▶ _Material for this task_
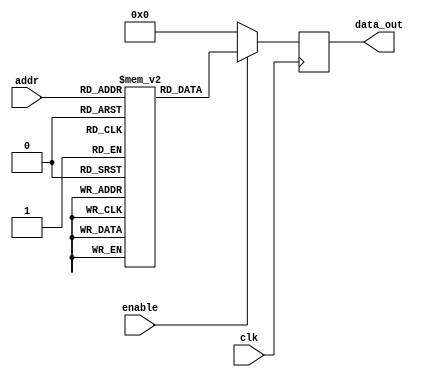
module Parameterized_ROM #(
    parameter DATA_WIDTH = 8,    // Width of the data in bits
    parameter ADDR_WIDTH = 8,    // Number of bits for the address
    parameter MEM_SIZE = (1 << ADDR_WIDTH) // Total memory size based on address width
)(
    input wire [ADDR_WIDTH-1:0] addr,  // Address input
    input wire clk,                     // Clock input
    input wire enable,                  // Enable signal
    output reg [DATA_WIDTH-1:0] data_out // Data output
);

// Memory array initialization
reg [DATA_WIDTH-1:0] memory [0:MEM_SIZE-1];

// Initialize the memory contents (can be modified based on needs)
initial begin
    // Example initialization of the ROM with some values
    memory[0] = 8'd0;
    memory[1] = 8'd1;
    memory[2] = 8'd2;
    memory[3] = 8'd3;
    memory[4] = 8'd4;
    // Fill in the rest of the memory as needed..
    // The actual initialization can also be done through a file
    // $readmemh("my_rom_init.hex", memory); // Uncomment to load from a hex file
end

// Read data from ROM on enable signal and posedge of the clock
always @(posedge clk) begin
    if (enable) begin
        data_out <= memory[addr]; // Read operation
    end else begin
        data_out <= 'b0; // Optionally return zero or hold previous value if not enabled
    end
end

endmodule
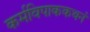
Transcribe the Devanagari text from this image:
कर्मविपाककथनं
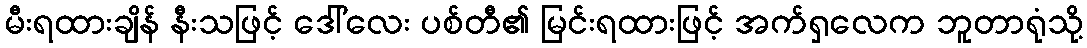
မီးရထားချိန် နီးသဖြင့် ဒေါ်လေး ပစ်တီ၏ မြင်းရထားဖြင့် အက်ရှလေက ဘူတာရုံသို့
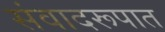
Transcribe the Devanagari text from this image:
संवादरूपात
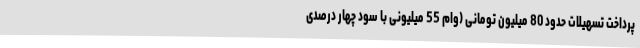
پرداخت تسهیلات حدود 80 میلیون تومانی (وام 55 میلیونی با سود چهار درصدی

▶ _Work order_
Omit the pictures, then extract verbatim only those lines that fall between the line containing "end else begin" and the final line of the records above, both included.

▶ _Written solution_
    end else begin
        data_out <= 'b0; // Optionally return zero or hold previous value if not enabled
    end
end

endmodule
Transcribe the Devanagari text from this image:
कर्मविपाककथनं
မီးရထားချိန် နီးသဖြင့် ဒေါ်လေး ပစ်တီ၏ မြင်းရထားဖြင့် အက်ရှလေက ဘူတာရုံသို့
Transcribe the Devanagari text from this image:
संवादरूपात
پرداخت تسهیلات حدود 80 میلیون تومانی (وام 55 میلیونی با سود چهار درصدی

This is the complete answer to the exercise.